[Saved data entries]

+-------+

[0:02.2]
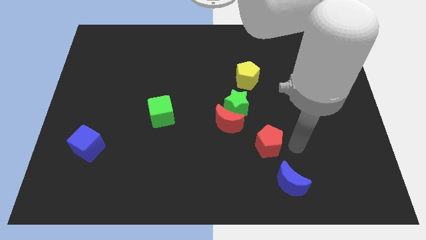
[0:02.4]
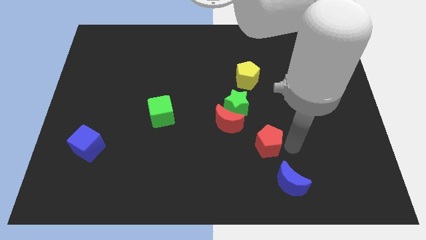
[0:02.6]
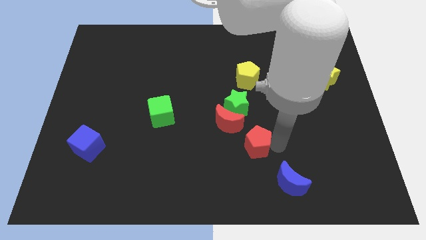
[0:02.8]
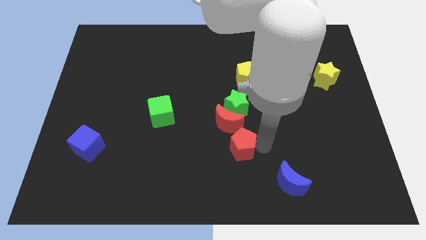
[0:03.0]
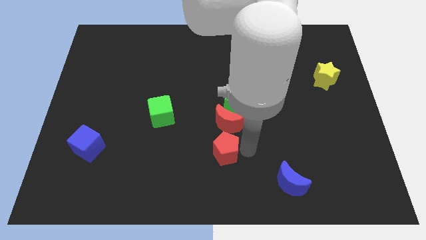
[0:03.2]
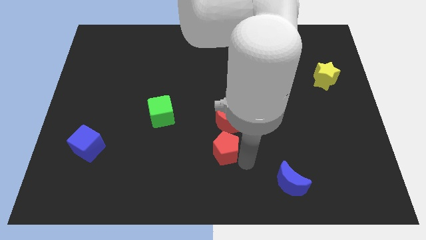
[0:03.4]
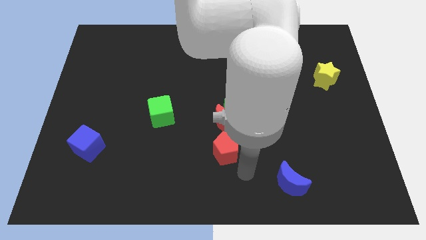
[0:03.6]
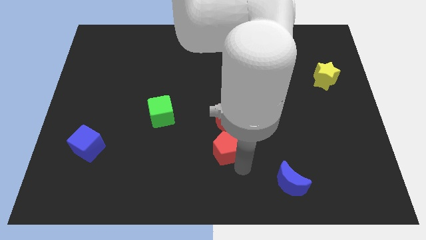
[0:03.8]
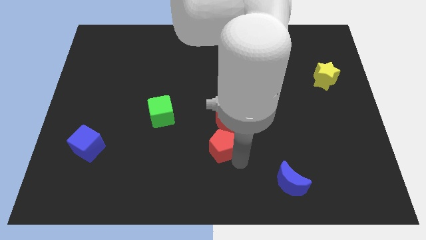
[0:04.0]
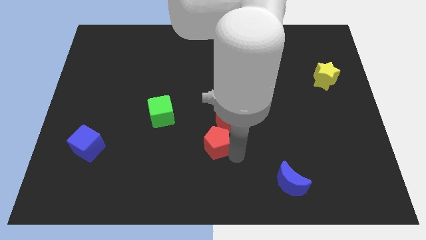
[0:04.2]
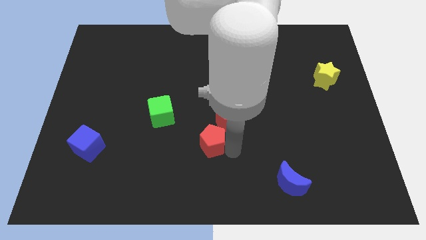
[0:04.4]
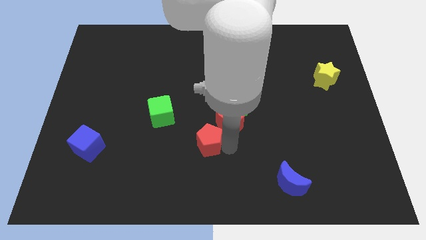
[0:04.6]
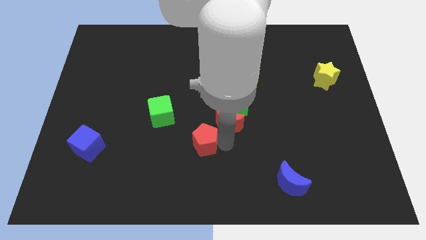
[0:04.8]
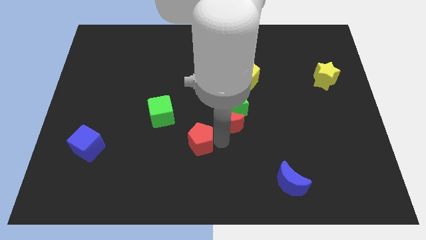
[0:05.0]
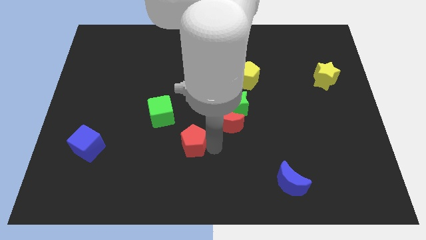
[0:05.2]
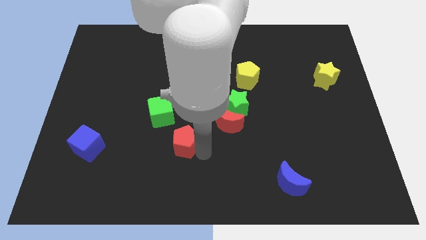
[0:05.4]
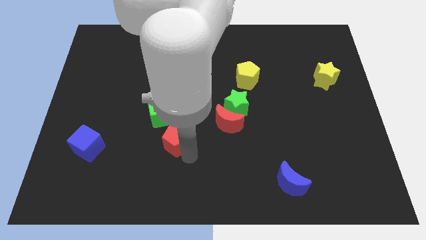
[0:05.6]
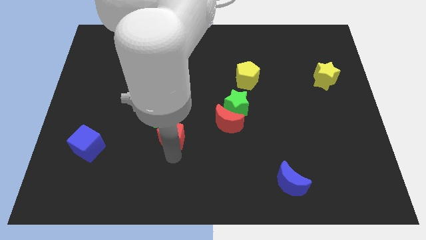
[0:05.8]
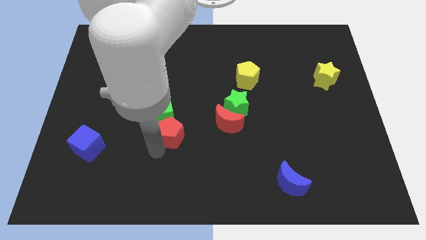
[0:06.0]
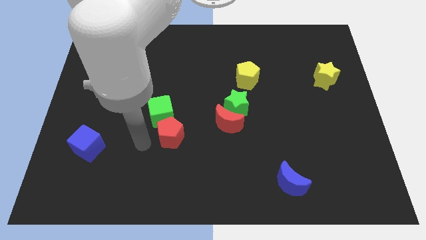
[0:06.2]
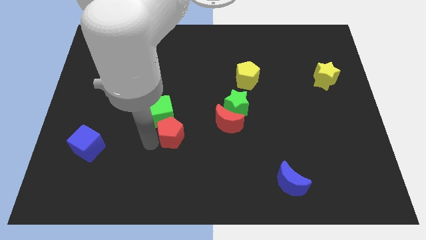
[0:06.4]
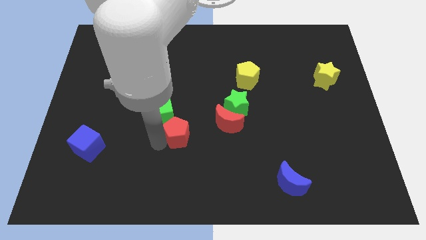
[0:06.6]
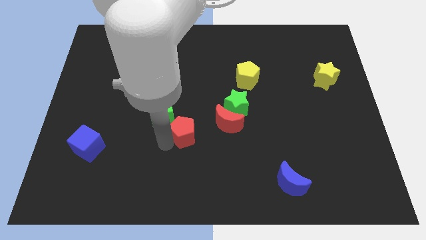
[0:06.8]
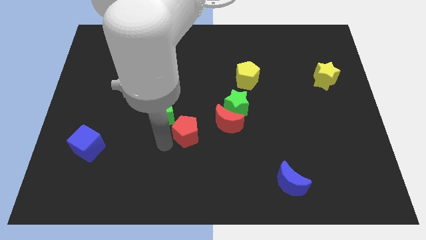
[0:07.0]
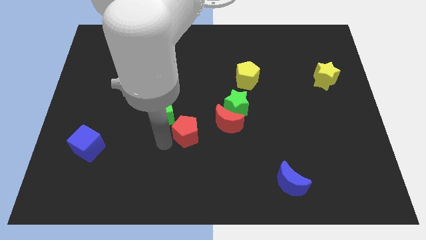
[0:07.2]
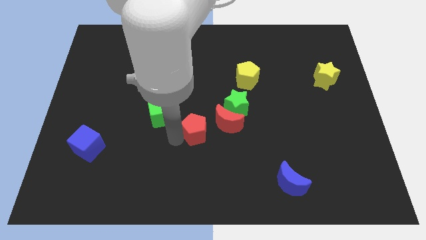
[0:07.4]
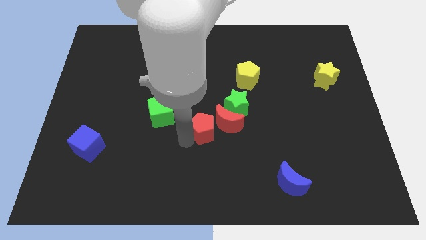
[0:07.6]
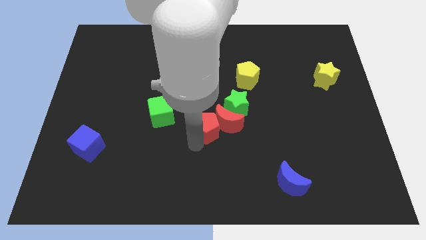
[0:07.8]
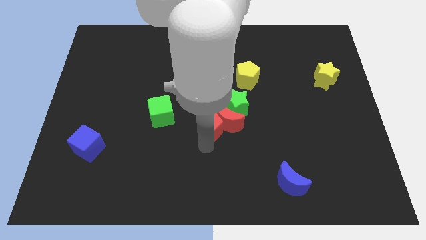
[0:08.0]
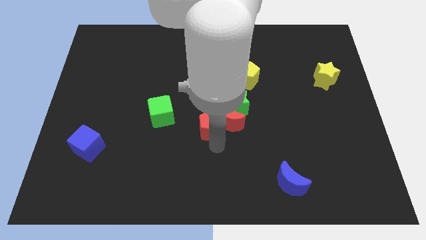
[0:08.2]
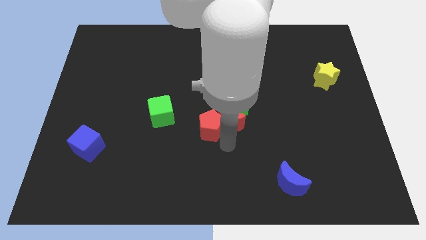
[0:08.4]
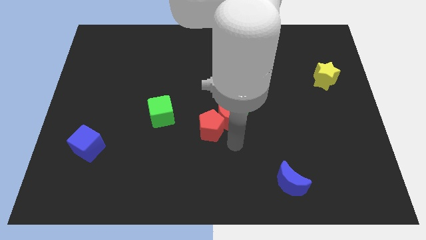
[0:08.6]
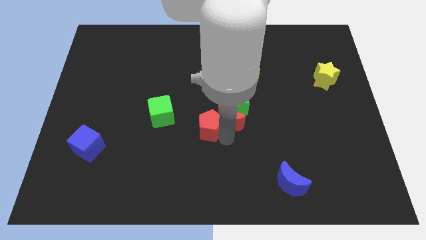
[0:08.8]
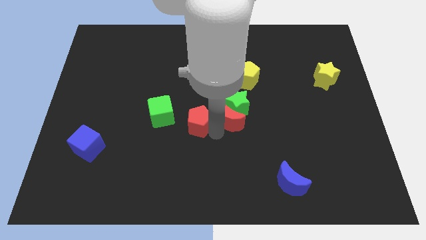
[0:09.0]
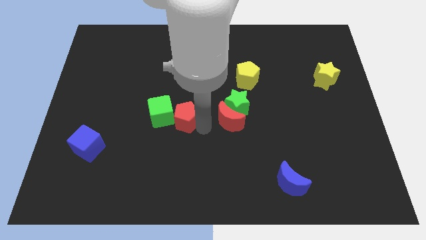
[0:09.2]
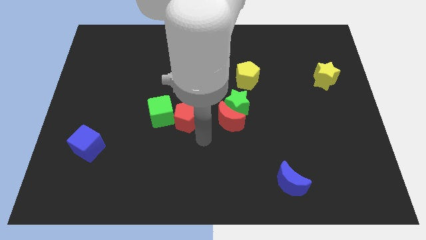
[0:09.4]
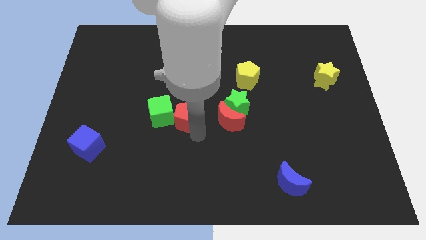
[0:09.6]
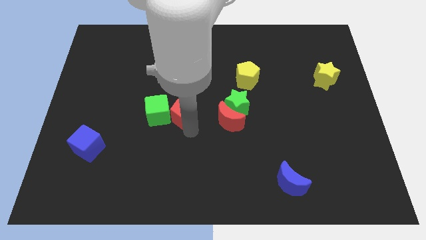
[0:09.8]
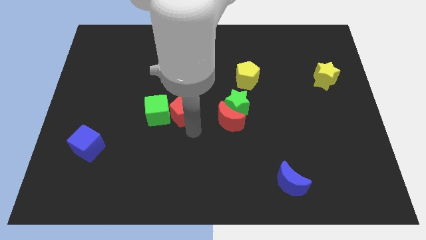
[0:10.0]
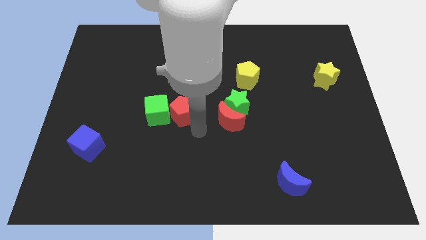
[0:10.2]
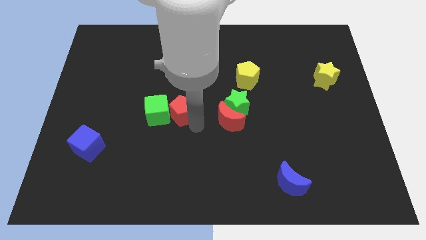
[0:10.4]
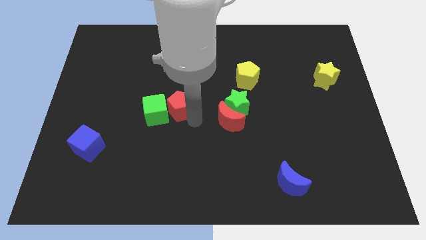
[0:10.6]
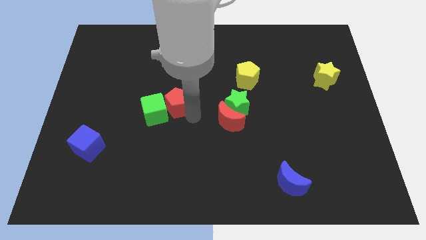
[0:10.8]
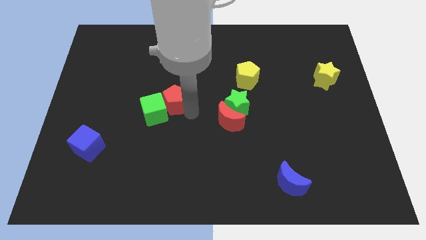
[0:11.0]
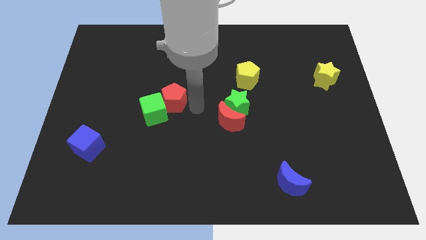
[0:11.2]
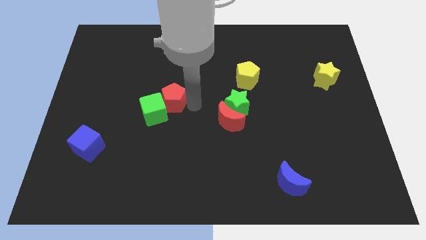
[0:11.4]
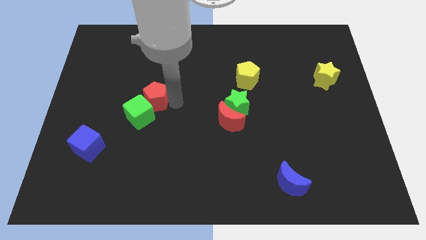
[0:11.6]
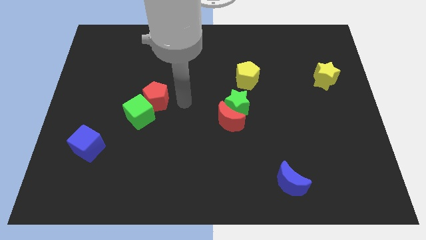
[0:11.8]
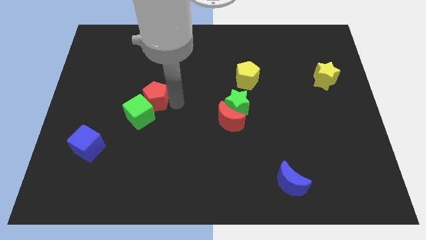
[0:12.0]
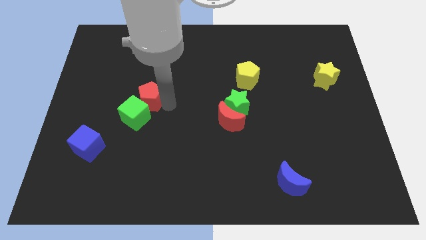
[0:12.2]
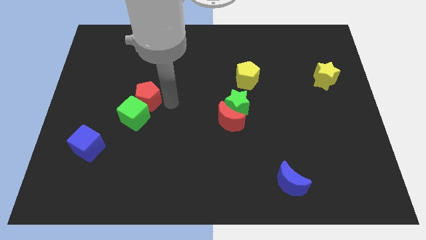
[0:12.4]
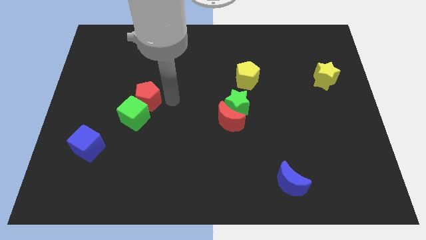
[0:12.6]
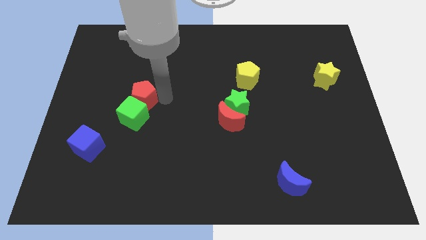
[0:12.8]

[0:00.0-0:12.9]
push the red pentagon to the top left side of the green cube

+-------+

Give back every entry in full, exactly as written, with no picture included.

[0:02.2]
[0:02.4]
[0:02.6]
[0:02.8]
[0:03.0]
[0:03.2]
[0:03.4]
[0:03.6]
[0:03.8]
[0:04.0]
[0:04.2]
[0:04.4]
[0:04.6]
[0:04.8]
[0:05.0]
[0:05.2]
[0:05.4]
[0:05.6]
[0:05.8]
[0:06.0]
[0:06.2]
[0:06.4]
[0:06.6]
[0:06.8]
[0:07.0]
[0:07.2]
[0:07.4]
[0:07.6]
[0:07.8]
[0:08.0]
[0:08.2]
[0:08.4]
[0:08.6]
[0:08.8]
[0:09.0]
[0:09.2]
[0:09.4]
[0:09.6]
[0:09.8]
[0:10.0]
[0:10.2]
[0:10.4]
[0:10.6]
[0:10.8]
[0:11.0]
[0:11.2]
[0:11.4]
[0:11.6]
[0:11.8]
[0:12.0]
[0:12.2]
[0:12.4]
[0:12.6]
[0:12.8]

[0:00.0-0:12.9]
push the red pentagon to the top left side of the green cube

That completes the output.